# Yanmar 336 D Thermostat



## TractorNewb (Apr 3, 2021)

Hi Folks
I am a newbie with tractors. bought a tractor with a property a yanmar 336 d. have some issues with overheating.
There is no thermostat in the radiator. My question is should there be?
My local tractor shop says no but i see them on the internet.
My Yanmar is about a 1993 model.
Thanks for any help


----------



## winston (Aug 19, 2008)

It should have a thermostat. THERMOSTAT: Yanmar Tractor Parts (hoyetractor.com) 
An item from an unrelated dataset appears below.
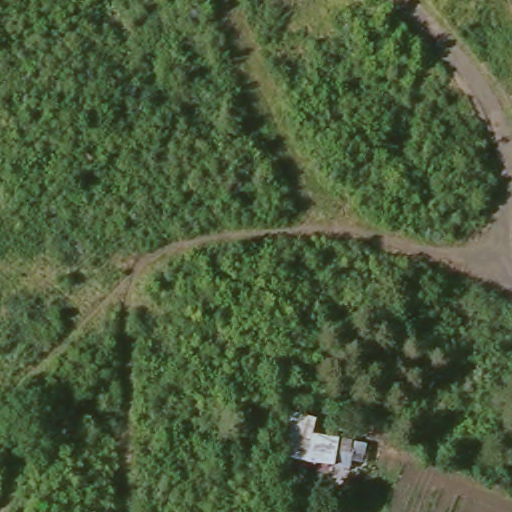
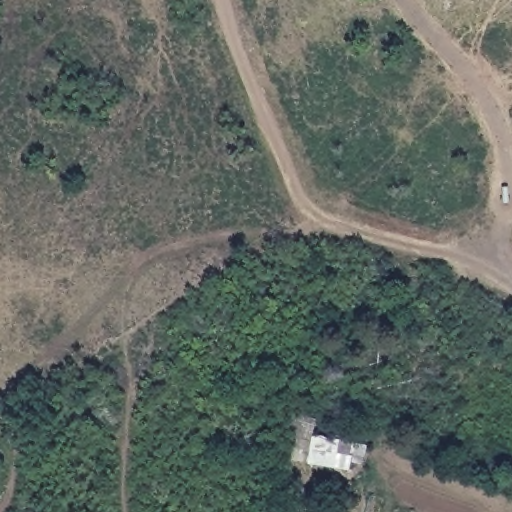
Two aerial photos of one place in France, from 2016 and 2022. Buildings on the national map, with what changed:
unchanged [(335,470),(307,466),(311,435),(340,440),(335,470)]

I doubt the missing thermostat is causing the overheating. Dirty radiator inside and or outside would be most likely. Could be loose fan belt but not as likely.


----------



## bmaverick (Feb 20, 2014)

TractorNewb said:


> Hi Folks
> I am a newbie with tractors. bought a tractor with a property a yanmar 336 d. have some issues with overheating.
> There is no thermostat in the radiator. My question is should there be?
> My local tractor shop says no but i see them on the internet.
> ...


Like Winston mentioned, could be dirty on the inside of the radiator. 40+ years of scale or slime in the bottom of the tank can cause slow flow. Likewise, the fins being clogged on the outside. 

Now, there is also another tending issue for overheating, the air-intake filter. When this gets clogged or dirty, the engine temps rise as well because the operator just gives the engine more throttle to achieve the power needed. I've been there twice with this. Caught me off guard the first time. Now I know better.  

Other items to check is the water pump (if equipped) and the belt.


----------